If $M: m \to n$ and $N: k \to l$ are two matrices, there are four ways (up to isomorphism?) to compose them: $M \cdot_i N$, $M \cdot_i N$, $M +_i^0 N$ ($N +_i^0 M$) and $M +_0^i N$ ($N +_0^i M$) for some proper $i$. The four ways are equivalent and correspond to tensor product when $i=0$. If we think in terms of interfaces from the examples above, the four ways are equivalent when interfaces are fully disjoint.
Final notes
Place graphs and link graphs are (surprise, surprise!) special cases of forests and port graphs, respectively.
The underlying matrix for place graphs is functional and cyclic whereas for link graphs is only functional. We can relax both conditions and define an algebra on generic matrices.
Link graph interfaces are finite set of names and not ordinals. In theory, ordinals and finite sets of names are the same (i.e. isomorphic). However, in practice, it might be convenient to have finite sets of names instead of anonymous numbers. As it is discussed in the Appendix of [1], we can define parallel composition with name sharing. From a categorical view point, this means that the wanted symmetry is achieved without cumbersome switch morphisms, which sounds lovely.

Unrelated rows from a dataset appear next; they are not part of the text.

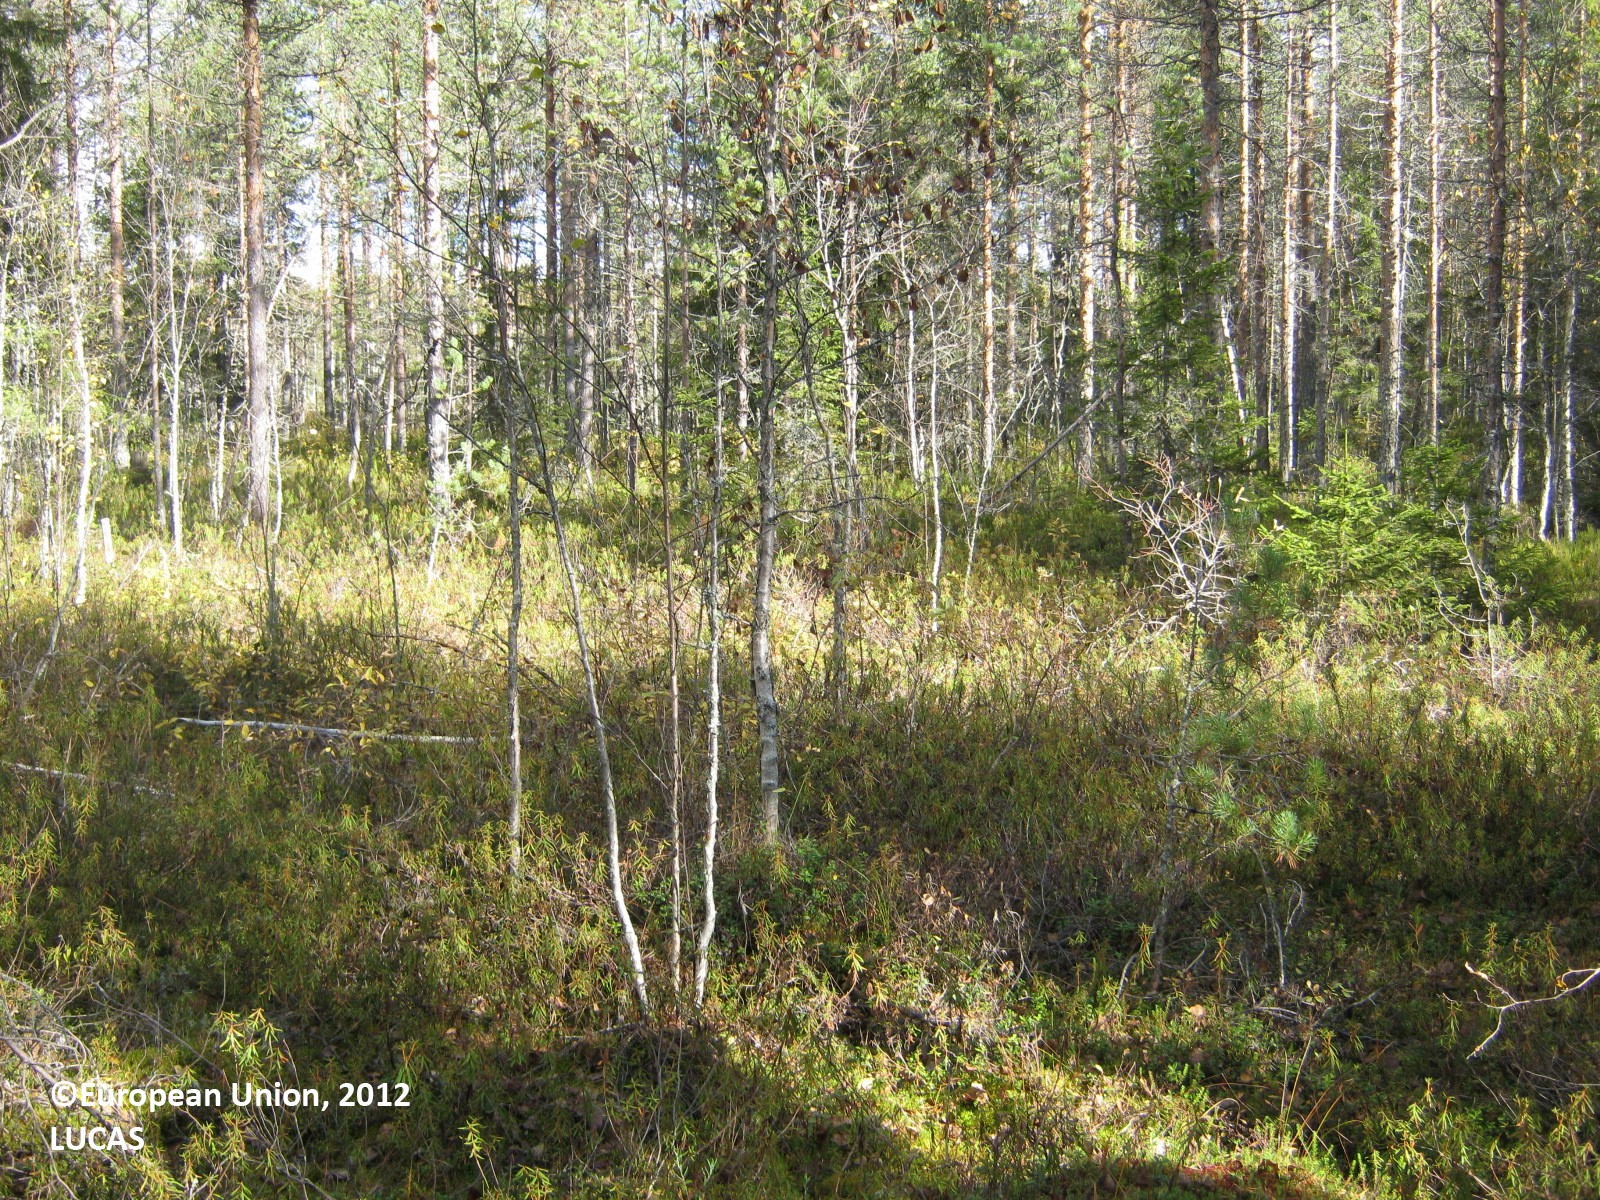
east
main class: Woodland
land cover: Pine dominated coniferous woodland
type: boreal forest
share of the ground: > 75 %
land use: Forestry
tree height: > 5 m
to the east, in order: Pine dominated coniferous woodland; Shrubland with sparse tree cover; Ditches and canals; Shrubland with sparse tree cover; Ditches and canals; Shrubland with sparse tree cover; Pine dominated mixed woodland
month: September
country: FI
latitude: 63.4338
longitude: 25.9662

So, what if we want to replace ordinals with finite sets?
We could extend the definition of matrix with named columns and rows. For example, an $(X, Y, R)$ matrix $M$ is a function $M: X \times Y \to R$. We say $M$ ranges over finite sets $X$ and $Y$ and has values in some rig $R$. We define $\mathit{size} ; M$ as $|X| \times |Y|$.
Partial product and sum are more or less defined as above. We should pay attention to name clashing, though. So we need to define disjoint union of name sets. I do not find this approach convincing, since it makes the notation heavier. So what I will try next is the keep bare matrices as “semantic” referents and build the mapping between names and ordinals on the top of that.
References
[1] Robin Milner. The space and motion of communicating agents. Cambridge University Press, 2009.
[2] Brendan Fong and David I. Spivak. “Seven Sketches in Compositionality: An Invitation to Applied Category Theory.” arXiv preprint arXiv:1803.05316 (2018).
[3] Michele Sevegnani and Muffy Calder. “Bigraphs with sharing.” Theoretical Computer Science 577 (2015): 43-73.